I remember as a girl being fascinated by my mother’s girdles. They looked like pieces of medieval armor. I didn’t quite understand why anyone would want to wear them, and I wondered if I would when I was all grown up. “Girdles” of today are much more subtle and sleek than those of my mother’s era. “Shapewear” they’re called – to conjure up images of fitness I suspect – and they do look like something you might see at the gym. But the “shape” here has nothing to do with getting into shape. It has to do with literal shaping – moulding. Squeeze yourself into that thing, and any baby-bump-without-a-baby is obliterated.

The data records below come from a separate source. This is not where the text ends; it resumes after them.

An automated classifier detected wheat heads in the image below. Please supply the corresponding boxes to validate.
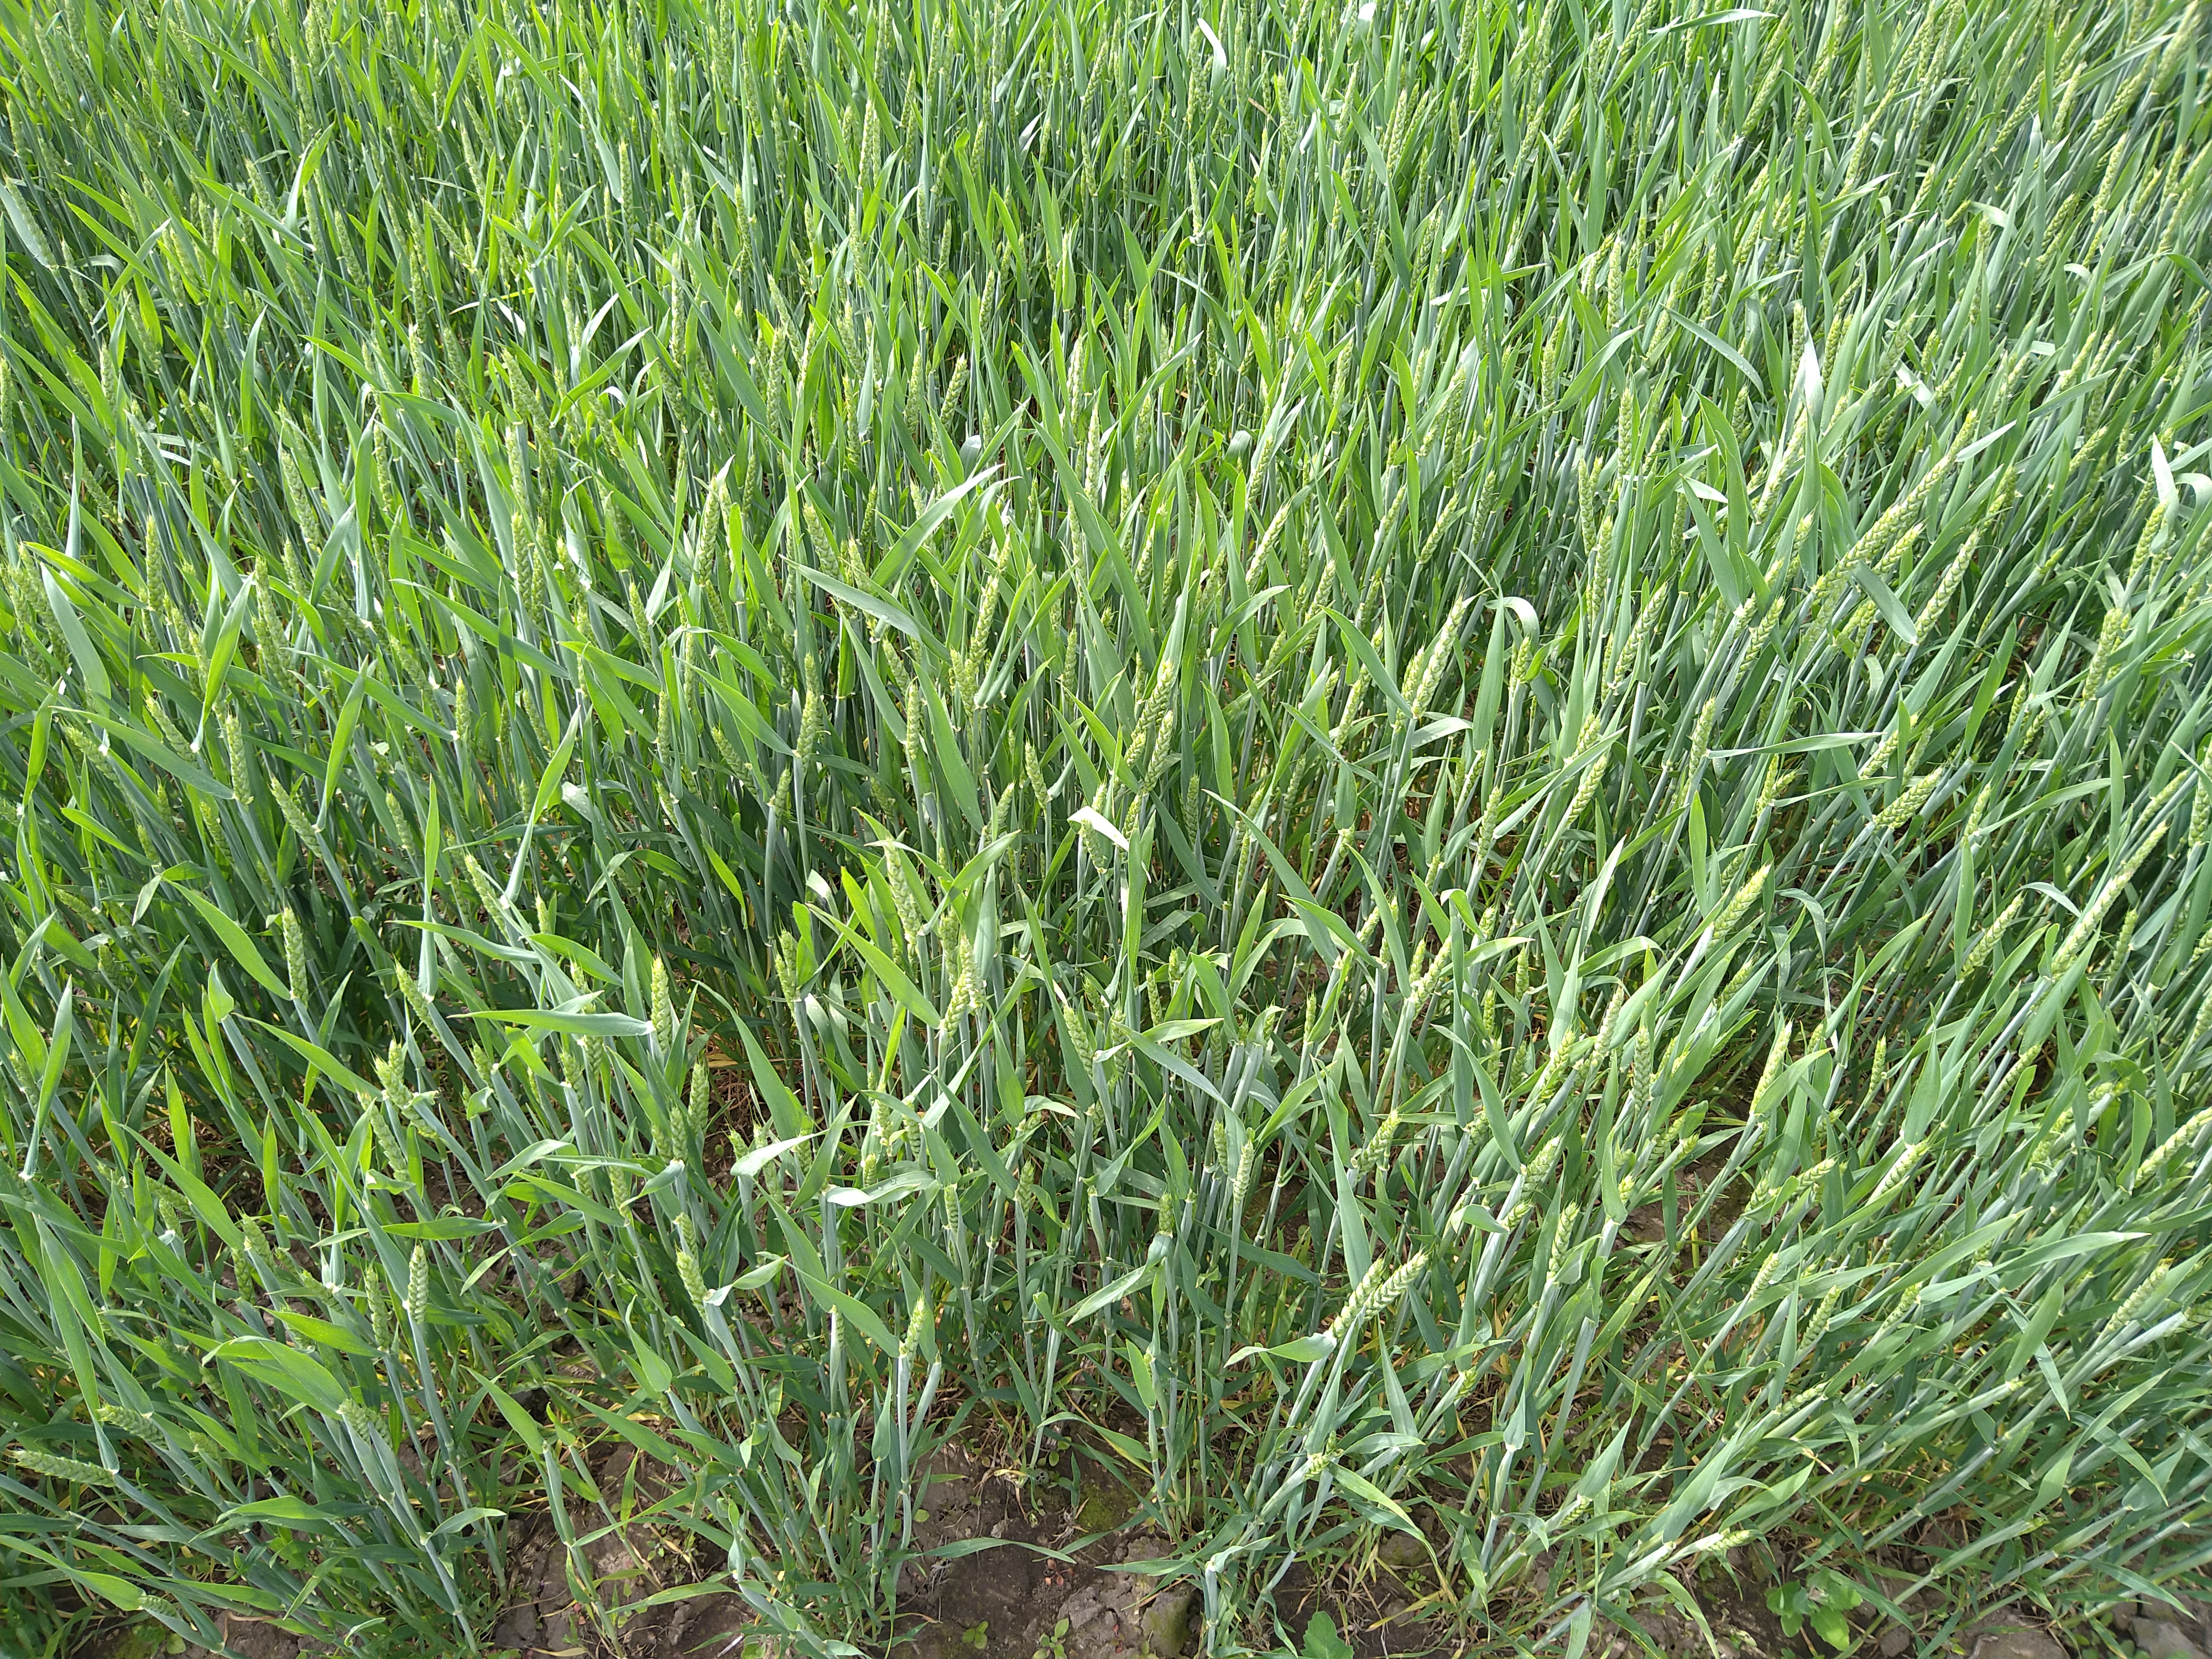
[1418,491,1460,561]
[1380,896,1402,965]
[1579,712,1593,741]
[657,688,671,773]
[255,295,268,331]
[2088,328,2118,379]
[1459,0,1476,64]
[533,893,552,936]
[689,1062,707,1140]
[498,694,509,748]
[177,388,215,446]
[1332,341,1354,398]
[370,416,400,519]
[2000,1044,2042,1092]
[1848,46,1873,118]
[1304,267,1325,304]
[1625,244,1636,272]
[741,452,757,518]
[839,106,853,176]
[267,774,322,861]
[1347,8,1358,46]
[461,95,503,173]
[2069,330,2100,376]
[305,410,323,458]
[440,326,470,407]
[1400,82,1422,138]
[765,273,804,361]
[932,146,951,197]
[140,590,161,654]
[558,1050,586,1110]
[905,352,924,436]
[299,1272,346,1317]
[655,364,701,424]
[1421,366,1464,445]
[792,1128,812,1179]
[1009,92,1019,145]
[576,608,591,694]
[2134,1108,2212,1186]
[653,782,677,824]
[2090,133,2130,219]
[137,0,160,27]
[1573,988,1626,1078]
[1809,1022,1823,1055]
[671,1251,709,1326]
[1274,77,1300,153]
[1573,720,1604,762]
[602,184,614,255]
[1918,28,1933,81]
[1960,893,2026,977]
[147,59,172,104]
[1471,468,1498,552]
[64,0,90,66]
[1707,1530,1754,1551]
[5,97,39,181]
[2173,350,2192,388]
[803,652,823,700]
[243,162,281,222]
[2031,1082,2121,1170]
[1721,88,1734,123]
[500,360,559,468]
[903,1294,927,1370]
[2058,10,2072,38]
[2101,1263,2173,1341]
[1127,520,1156,600]
[1099,606,1113,634]
[905,102,915,162]
[934,843,947,873]
[2117,424,2127,467]
[1599,36,1614,75]
[2040,195,2078,251]
[1066,500,1090,609]
[1536,1030,1580,1100]
[146,514,166,617]
[836,1306,846,1349]
[571,1163,593,1200]
[1890,794,1930,827]
[12,926,39,968]
[18,28,31,58]
[680,171,696,242]
[1243,45,1252,87]
[1326,1427,1338,1456]
[2184,518,2212,571]
[165,176,182,212]
[58,36,103,110]
[998,239,1013,296]
[1636,212,1646,265]
[10,1170,36,1205]
[475,736,495,773]
[123,123,151,172]
[982,91,999,138]
[1367,163,1376,201]
[2155,28,2197,94]
[222,715,251,808]
[1063,626,1076,723]
[791,21,816,92]
[1876,404,1900,438]
[649,956,672,1067]
[1561,1498,1591,1527]
[1850,365,1856,386]
[585,18,602,53]
[2176,573,2210,615]
[752,1124,779,1201]
[1234,10,1249,97]
[281,540,311,600]
[404,208,429,274]
[903,1103,923,1160]
[289,48,319,127]
[1449,97,1459,151]
[917,263,926,322]
[940,358,970,436]
[58,724,129,800]
[1184,58,1215,120]
[1414,346,1430,399]
[7,567,67,638]
[1877,317,1916,377]
[154,784,175,840]
[859,480,878,541]
[1794,56,1837,133]
[2086,380,2108,444]
[842,301,853,330]
[845,538,877,623]
[423,198,470,263]
[1006,846,1016,887]
[788,238,812,287]
[847,202,863,255]
[1052,17,1064,77]
[864,1070,876,1106]
[842,368,862,474]
[197,400,250,468]
[767,330,785,436]
[1698,246,1718,324]
[383,790,415,858]
[1978,217,1990,262]
[120,189,141,237]
[2175,1299,2212,1333]
[1114,790,1152,858]
[320,576,378,658]
[624,583,648,661]
[666,68,686,168]
[1126,733,1146,769]
[2131,428,2179,518]
[1158,1191,1177,1231]
[2185,991,2212,1051]
[882,839,917,985]
[1416,156,1431,209]
[93,343,122,413]
[940,954,975,1036]
[1410,598,1471,718]
[2187,742,2212,858]
[1134,648,1144,703]
[1789,514,1815,578]
[1205,320,1220,374]
[491,224,527,278]
[303,188,332,273]
[542,71,555,89]
[1854,575,1901,654]
[1096,17,1105,63]
[970,532,1014,667]
[1889,12,1909,59]
[60,240,95,320]
[387,1039,404,1086]
[1484,1037,1502,1089]
[138,1594,182,1620]
[250,618,291,698]
[877,4,893,94]
[497,254,511,288]
[1606,242,1624,333]
[801,504,840,583]
[943,1183,960,1234]
[705,27,735,106]
[1462,1106,1495,1150]
[1060,1004,1094,1083]
[1038,58,1048,91]
[873,117,883,186]
[1384,485,1407,535]
[1983,358,2026,425]
[777,28,790,98]
[1980,0,1995,37]
[1689,699,1717,784]
[1766,202,1793,262]
[863,1154,875,1189]
[737,186,751,271]
[719,484,731,541]
[1821,315,1844,389]
[1087,1081,1120,1138]
[1066,336,1082,423]
[1710,598,1726,658]
[1390,646,1424,732]
[2081,452,2110,499]
[628,0,646,98]
[758,338,770,403]
[1896,410,1983,532]
[1471,786,1503,858]
[561,297,574,347]
[2003,678,2027,736]
[1637,23,1649,56]
[1844,131,1867,184]
[745,52,760,129]
[1735,598,1784,685]
[1911,43,1945,121]
[1629,107,1653,165]
[654,265,662,296]
[1410,935,1426,990]
[748,0,757,38]
[2083,230,2102,266]
[938,219,952,270]
[1936,353,1967,399]
[1337,66,1359,129]
[1988,69,2056,151]
[1448,434,1469,484]
[1733,382,1750,444]
[1141,480,1160,539]
[1805,504,1903,602]
[189,192,202,238]
[187,632,228,728]
[1234,1137,1254,1204]
[980,782,1016,848]
[1573,457,1595,558]
[279,0,292,23]
[795,692,821,780]
[973,12,983,73]
[460,855,510,938]
[668,1106,688,1161]
[667,251,687,364]
[647,0,660,26]
[1159,322,1168,368]
[1304,1446,1344,1476]
[2126,500,2169,588]
[1516,947,1529,1002]
[778,926,798,990]
[978,270,996,352]
[1750,1127,1767,1156]
[695,456,733,584]
[15,544,71,674]
[1333,630,1383,752]
[284,265,319,322]
[1237,337,1257,373]
[875,1085,889,1136]
[1888,24,1931,92]
[355,1094,407,1181]
[616,143,637,235]
[213,459,247,522]
[526,1063,543,1107]
[1280,758,1307,822]
[8,1050,55,1136]
[98,942,122,983]
[1108,19,1122,74]
[1880,1280,1924,1330]
[161,51,178,90]
[653,225,666,254]
[1671,489,1693,562]
[158,1199,184,1239]
[1835,0,1853,24]
[1478,905,1494,936]
[1207,1028,1223,1085]
[1601,14,1613,61]
[80,458,118,524]
[1875,769,1945,827]
[993,186,1012,239]
[773,953,796,1010]
[1294,588,1307,622]
[361,1267,391,1353]
[2047,819,2169,982]
[1564,744,1613,830]
[1832,272,1866,315]
[1841,315,1855,351]
[1512,1039,1526,1089]
[83,123,121,204]
[518,688,553,762]
[915,185,929,257]
[1188,159,1203,236]
[968,117,983,178]
[1281,121,1291,163]
[166,17,189,53]
[1870,1034,1888,1093]
[1957,39,1972,94]
[141,694,199,772]
[1234,786,1264,844]
[1389,96,1408,178]
[650,107,675,170]
[1202,546,1227,611]
[1770,1159,1838,1202]
[2127,0,2145,47]
[1704,866,1772,954]
[1526,0,1557,124]
[1605,119,1614,160]
[1790,302,1808,399]
[119,287,163,375]
[1550,322,1563,348]
[1125,301,1130,334]
[1656,194,1666,256]
[1144,970,1162,1027]
[504,94,519,134]
[1383,109,1397,163]
[1278,156,1288,186]
[1742,558,1786,620]
[1611,581,1670,685]
[531,518,547,628]
[1359,1254,1432,1324]
[1957,274,1968,301]
[1967,275,1981,326]
[405,325,433,404]
[1542,342,1556,430]
[1722,962,1757,1006]
[192,800,237,867]
[389,960,439,1039]
[1300,536,1310,575]
[1080,974,1105,1024]
[940,31,956,98]
[238,209,253,253]
[1022,742,1048,810]
[1509,642,1516,690]
[1826,396,1849,433]
[462,123,488,208]
[1219,0,1230,49]
[338,1400,373,1445]
[501,434,535,522]
[903,682,921,763]
[1186,357,1195,390]
[250,560,297,682]
[145,1175,192,1214]
[274,1247,302,1285]
[1084,410,1100,515]
[1078,128,1096,195]
[1773,775,1799,794]
[55,887,107,934]
[1293,0,1312,40]
[1407,219,1436,292]
[861,316,882,384]
[1261,53,1272,109]
[501,0,521,59]
[1855,526,1924,597]
[1617,1172,1633,1208]
[1362,568,1384,622]
[199,194,214,254]
[583,1001,600,1075]
[1794,213,1814,254]
[999,32,1009,75]
[1304,993,1316,1045]
[1083,822,1104,868]
[451,677,473,754]
[900,67,917,129]
[1580,240,1614,303]
[1483,986,1496,1036]
[834,276,848,312]
[333,210,365,288]
[1046,237,1056,290]
[1588,36,1601,99]
[161,597,174,625]
[467,1043,495,1089]
[277,906,307,1005]
[2160,191,2195,256]
[1092,782,1111,816]
[1630,1028,1653,1123]
[1739,64,1780,133]
[362,1407,393,1450]
[1268,227,1290,304]
[1127,0,1142,22]
[41,139,64,193]
[32,20,68,102]
[605,58,623,106]
[810,394,818,457]
[2162,147,2186,210]
[1735,208,1775,265]
[1356,1112,1401,1184]
[164,89,198,152]
[1546,1202,1580,1284]
[510,376,529,422]
[575,316,584,346]
[2152,344,2161,370]
[1144,553,1180,616]
[1814,1108,1844,1140]
[1457,756,1486,813]
[795,330,821,403]
[1796,1287,1846,1352]
[681,631,695,711]
[926,13,938,101]
[144,181,161,211]
[2079,609,2131,701]
[2090,51,2155,151]
[409,88,443,146]
[1373,229,1386,286]
[564,250,575,315]
[1811,1165,1846,1206]
[1517,636,1534,684]
[1857,730,1897,782]
[1992,13,2036,107]
[447,4,481,85]
[1934,1,1965,91]
[2019,711,2053,748]
[1482,0,1493,23]
[1252,1,1258,61]
[1750,1254,1780,1299]
[1602,626,1615,706]
[13,1447,115,1487]
[959,937,982,1010]
[1332,153,1352,229]
[567,959,589,995]
[1643,417,1676,477]
[1513,1136,1564,1200]
[1744,1153,1775,1214]
[2053,63,2087,133]
[1130,663,1179,738]
[785,513,800,574]
[1238,1019,1249,1044]
[769,770,792,814]
[114,94,161,154]
[1619,385,1632,483]
[1765,410,1809,507]
[1761,752,1784,794]
[707,730,758,800]
[1900,722,1935,778]
[1080,168,1086,203]
[1684,0,1702,64]
[1109,1009,1129,1083]
[275,402,307,463]
[588,402,628,470]
[1081,42,1109,118]
[704,578,731,638]
[1243,436,1278,514]
[1513,116,1541,170]
[710,217,722,258]
[387,196,409,260]
[303,0,323,66]
[1439,372,1468,452]
[721,0,732,64]
[2058,31,2084,84]
[1062,55,1074,97]
[694,352,714,396]
[3,176,56,272]
[1117,476,1135,574]
[1880,1142,1928,1197]
[1419,932,1453,1004]
[2135,167,2159,209]
[1915,494,2007,642]
[993,5,1001,82]
[1236,828,1250,895]
[407,243,425,338]
[173,608,200,690]
[1017,1156,1034,1221]
[94,1400,169,1450]
[678,765,701,801]
[1274,301,1281,337]
[555,192,565,248]
[1245,174,1258,213]
[882,640,909,694]
[370,1058,436,1137]
[1584,582,1593,644]
[804,202,813,248]
[726,1129,748,1164]
[904,478,926,524]
[612,504,639,555]
[835,320,865,384]
[1484,36,1529,130]
[1400,92,1430,159]
[507,53,529,128]
[948,648,976,725]
[1187,26,1211,122]
[0,356,16,454]
[675,432,687,480]
[1642,1115,1685,1169]
[1590,517,1616,632]
[104,902,130,926]
[1677,237,1704,292]
[1750,13,1789,89]
[0,575,53,687]
[139,75,155,127]
[1113,53,1127,115]
[68,374,93,410]
[275,449,319,545]
[1355,904,1385,950]
[858,109,872,188]
[193,1359,227,1402]
[171,225,201,292]
[130,402,155,490]
[1469,46,1480,108]
[391,636,443,720]
[1325,1257,1389,1345]
[1184,776,1200,858]
[1911,167,1934,212]
[230,1248,259,1303]
[241,289,256,325]
[1801,36,1837,110]
[512,510,532,621]
[172,0,198,63]
[1016,232,1026,263]
[2069,425,2109,478]
[1945,160,1969,203]
[299,110,313,159]
[1749,1020,1793,1122]
[1040,119,1050,161]
[1211,1123,1228,1175]
[162,228,185,304]
[1143,712,1173,789]
[1964,782,1994,838]
[18,64,37,109]
[1238,502,1286,595]
[2103,910,2141,991]
[575,67,608,180]
[1263,1012,1277,1046]
[774,103,789,188]
[1819,231,1832,265]
[376,0,388,24]
[648,1123,673,1165]
[606,1163,634,1220]
[2186,927,2212,964]
[676,1212,698,1263]
[385,17,403,88]
[933,902,960,988]
[1123,147,1133,205]
[1550,102,1583,153]
[407,1245,428,1330]
[1259,630,1287,681]
[1303,562,1338,642]
[1136,389,1154,450]
[1500,1206,1537,1232]
[1620,0,1660,60]
[980,408,996,455]
[243,1214,273,1267]

When I came down the stairs, ready to model, it was all, “Oooh Mom!” “That looks great!” “Are you going to wear it tonight?” I did wear it Christmas night. And New Year’s Eve too. But I had also formed my resolution: For Christmas of 2016, I will not have to resort to “shapewear” to put on that dress.

My plank-a-day resolution

I have tried in the past to resolve upon regular workouts, but with only limited success. I actually enjoy physical exercise. The “regular” part stumps me. It’s no small deal, in the midst of a busy week, to carve out regular blocks of an hour or two to change, stretch, work-out, cool down, shower. Irregular is the best I can do. But “regular” is what brings results, and therein has been my dilemma.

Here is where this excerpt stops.